3772の「帰りける人」は、大赦によって配流先から都へ帰ってきた人。「言ひしかば」は、と言ったので。周囲の誰かが「帰ってきた人がいるよ」と告げたことを示します。「ほとほと」は、ほとんど。「君かと思ひて」は、(帰ってきたのが)あなたではないかと思って。天平12年6月に大赦があり、幾人かが許されて帰京した時の作といいます。嬉しさのあまり死にそうになったと歌っていますが、この時には宅守は赦免されませんでした。物狂おしく一行を捜すも、宅守の姿を見出すことができなかった娘子。その落胆ぶりはいかばかりであったか。この歌は、冒頭の3724と共に娘子の傑作の一つとされます。

 
3773の「君が共」は、君とともに。「行かましものを」は、行っただろうに(行きたかったのに)。「後れて居れど良きこともなし」は、後に残されていたが、そのために何の良いこともないで、上の「同じこと」を説明したもの。奇跡は起こらず、失望と落胆に突き落とされた中、一人残された悲しさを改めて感じている歌であり、文脈上、最初に「こんなことなら」を補って解釈すべきものです。「君が共行かましものを」とあるのは、令の規定で流人は妻を伴って配所に赴くことと定められていたものの、娘子は「蔵部の女嬬」という現職だったために同行しようにもできなかった事情を言っているとされます。

 
3774の「帰り来まさむ」は、(都へ)お帰りになるであろう。「命残さむ」は、命を長らえましょう、(死なずに)生き残っていましょう。「忘れたまふな」は、(私のことを)お忘れにならないでください。娘子はここで気を取り直し、宅守を励ますとともに自らを力づけています。

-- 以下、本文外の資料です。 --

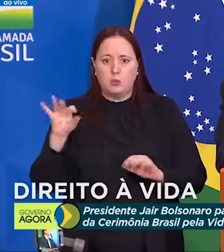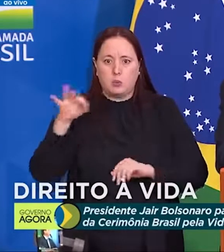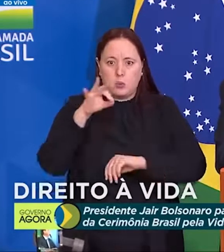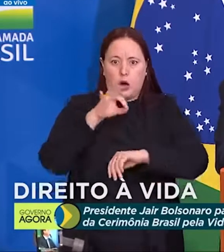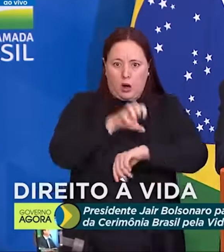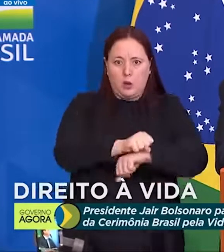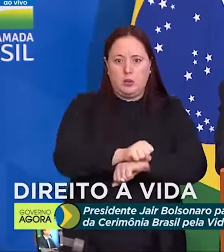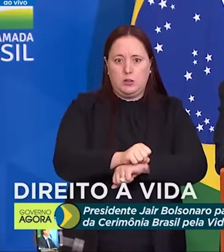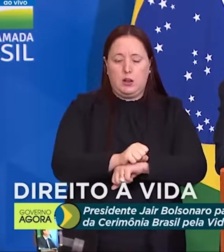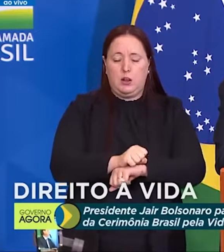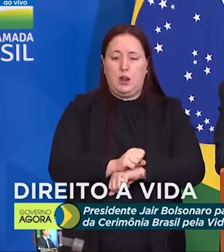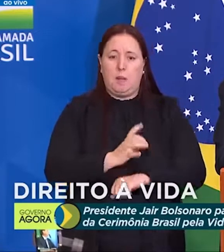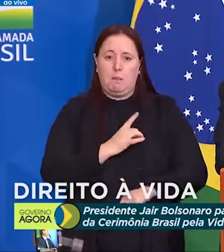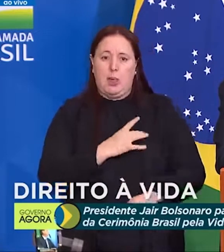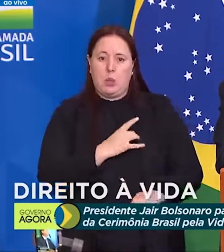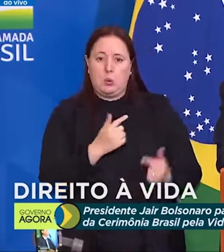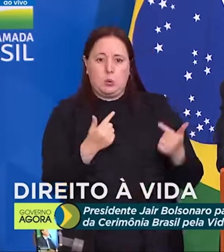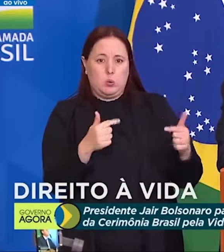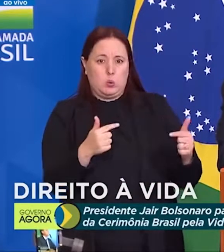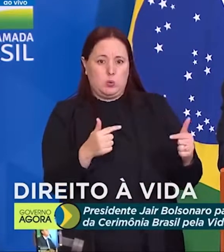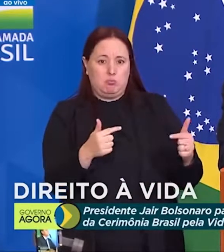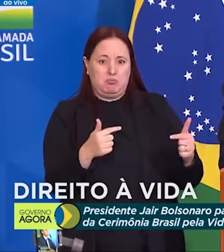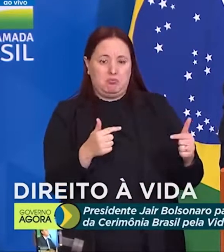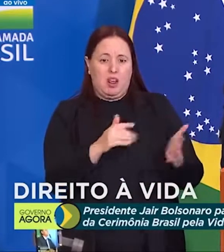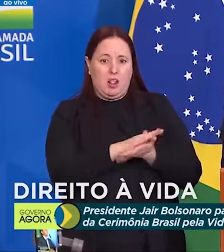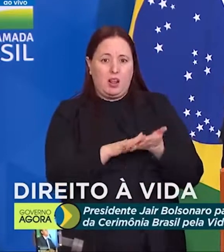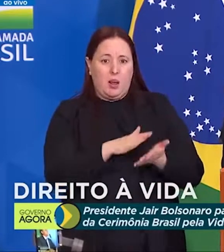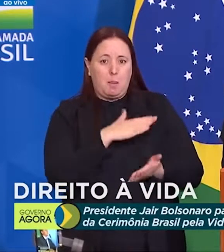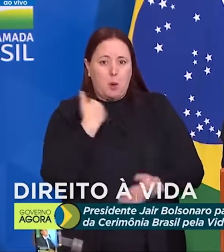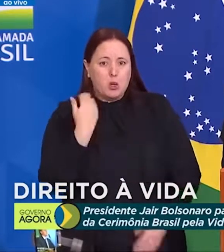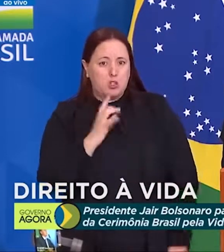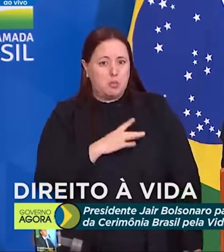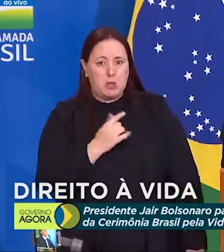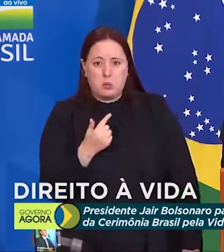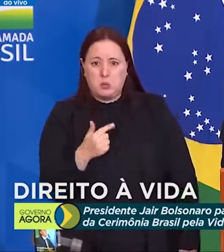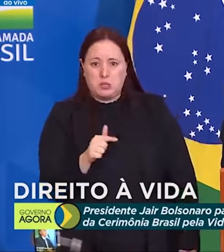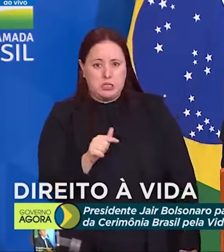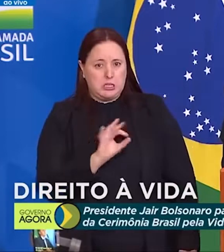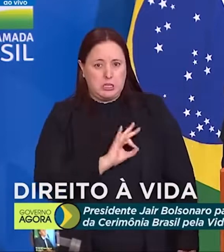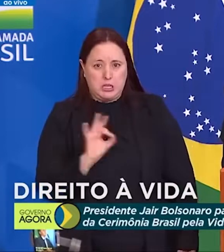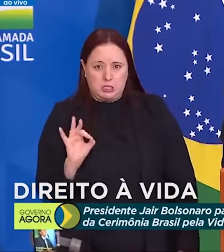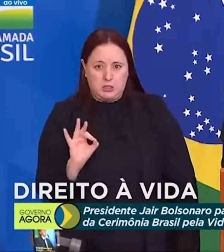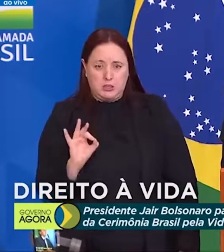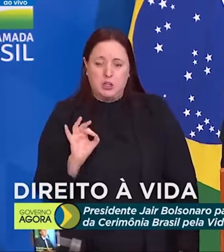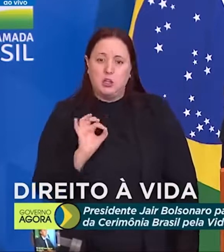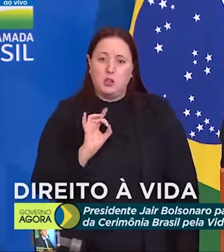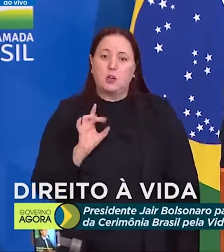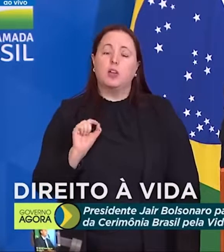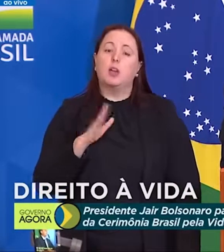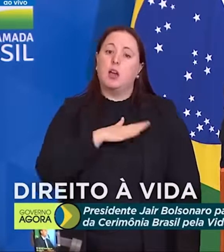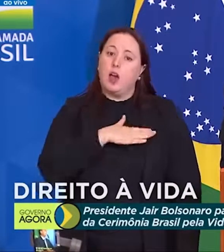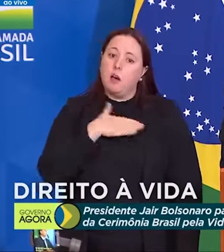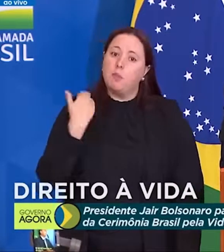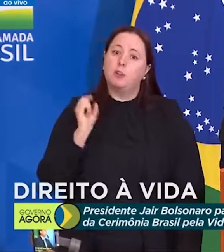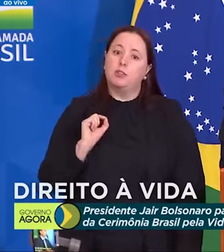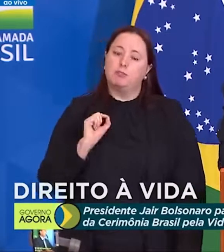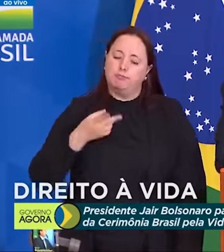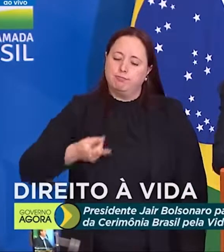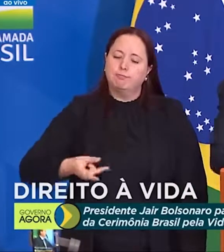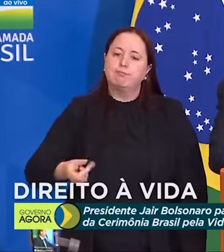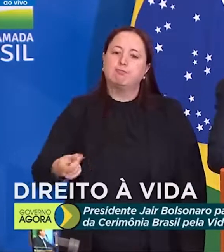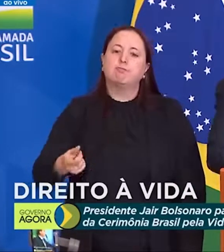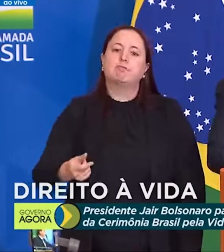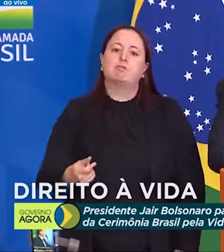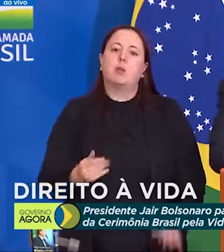Nada temeis, nem mesmo a morte. A não ser a morte eterna.
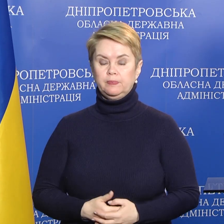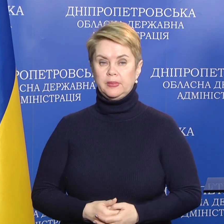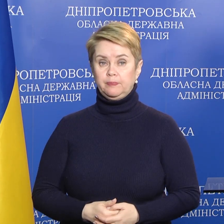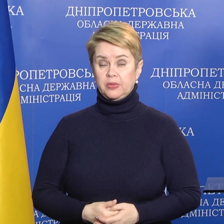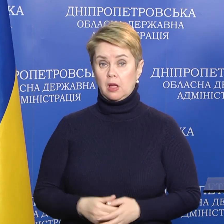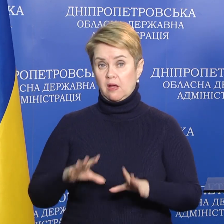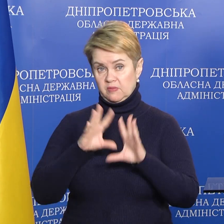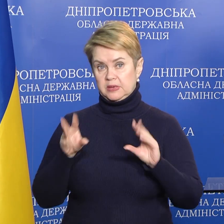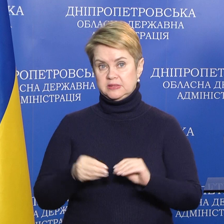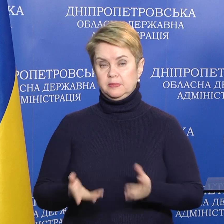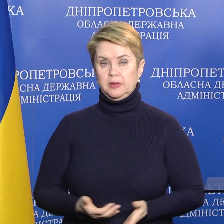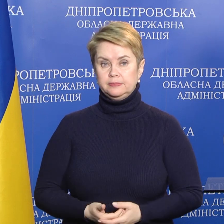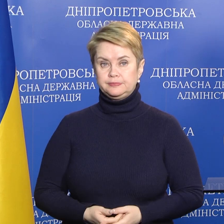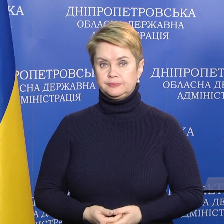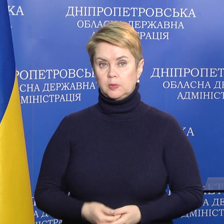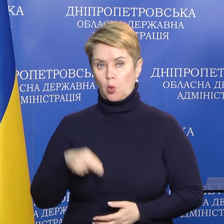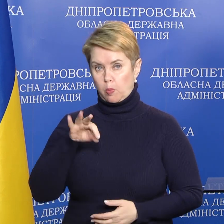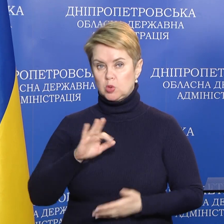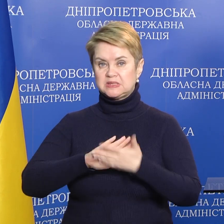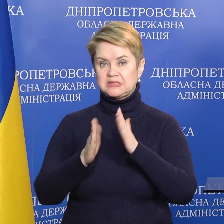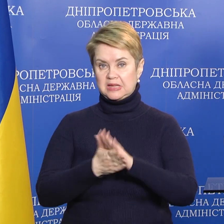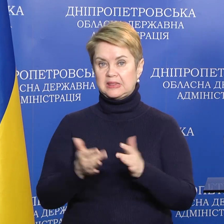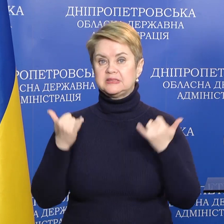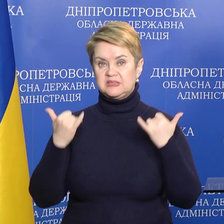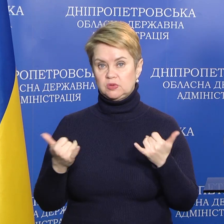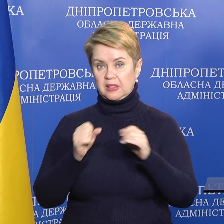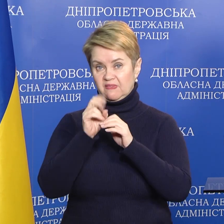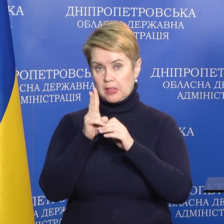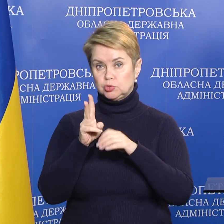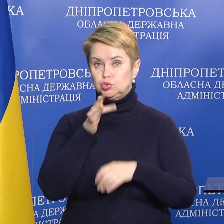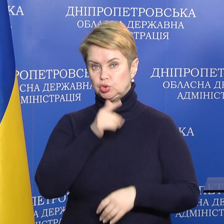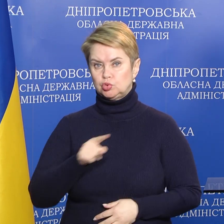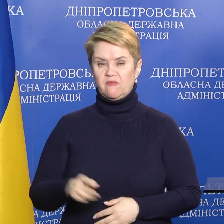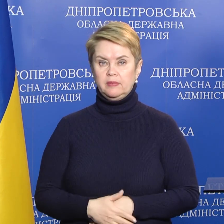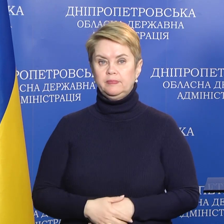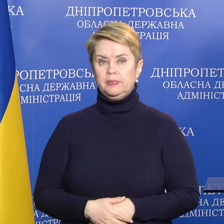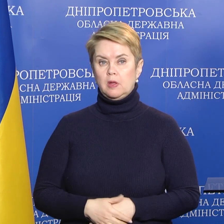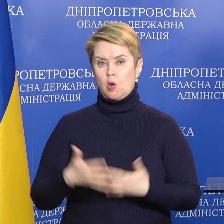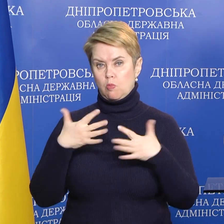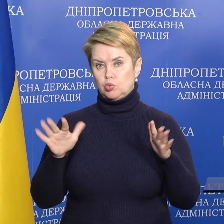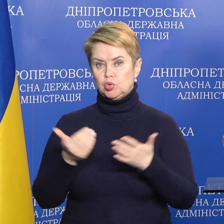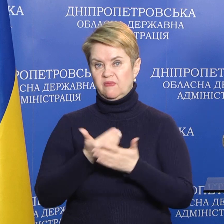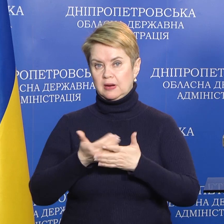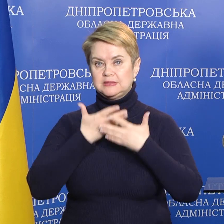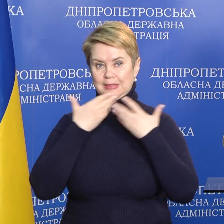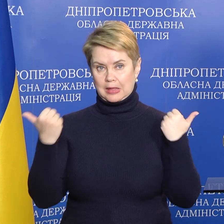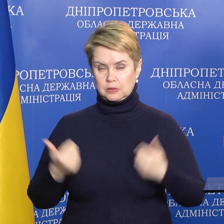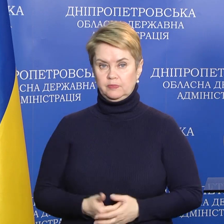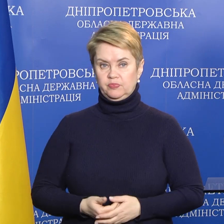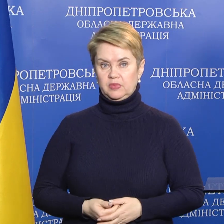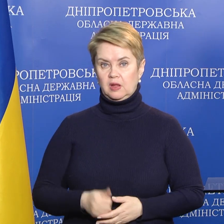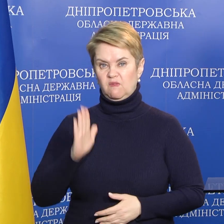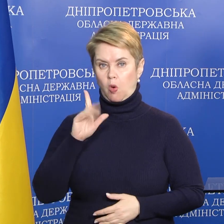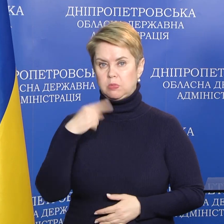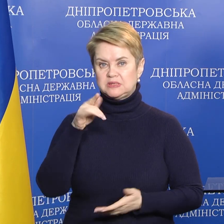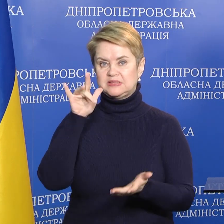В принципе, по состоянию на сегодня на 12 часов больше информации нет. В

 この時の大赦は理由もなく行われたもので、『続日本紀』に、大赦から除外された犯罪、及び犯罪者の氏名が出ており、中臣宅守、石上乙麿の名があります。除外された犯罪は、職権を乱用して私腹を肥やす罪、殺人の罪、貨幣偽造の罪、強盗窃盗の罪、姦通の罪、また身分として、天皇への忠誠を要求される親衛軍の兵士とあります。

 なお、
斎藤茂吉は、3772の「ほとほと死にき」の表現に感銘し、『赤光』のなかの連作「おひろ」のなかで、次のような歌を作っています。

 
あはれなる女の瞼(まぶた)恋ひ撫でてその夜ほとほとわれは死にたり



『続日本紀』

 『日本書紀』に次いで編修された勅撰国史で、六国史の第2番目。全40巻からなり、光仁天皇の命によって石川名足(いしかわのなたり)・淡海三船(おうみのみふね)らが撰修をはじめ、藤原継縄(ふじわらのつぐただ)・菅野真道(すがののまみち)らに撰進事業が継承され、延暦16年(797年)に奏上されました。『日本書紀』のあとを受けて、文武天皇即位の年(697年)から桓武天皇の延暦10年(791年)12月まで、9代・95年間の国の歴史を、編年体、漢文で記載しています。藤原仲麻呂(恵美押勝)、道鏡、鑑真などの伝記も記載されています。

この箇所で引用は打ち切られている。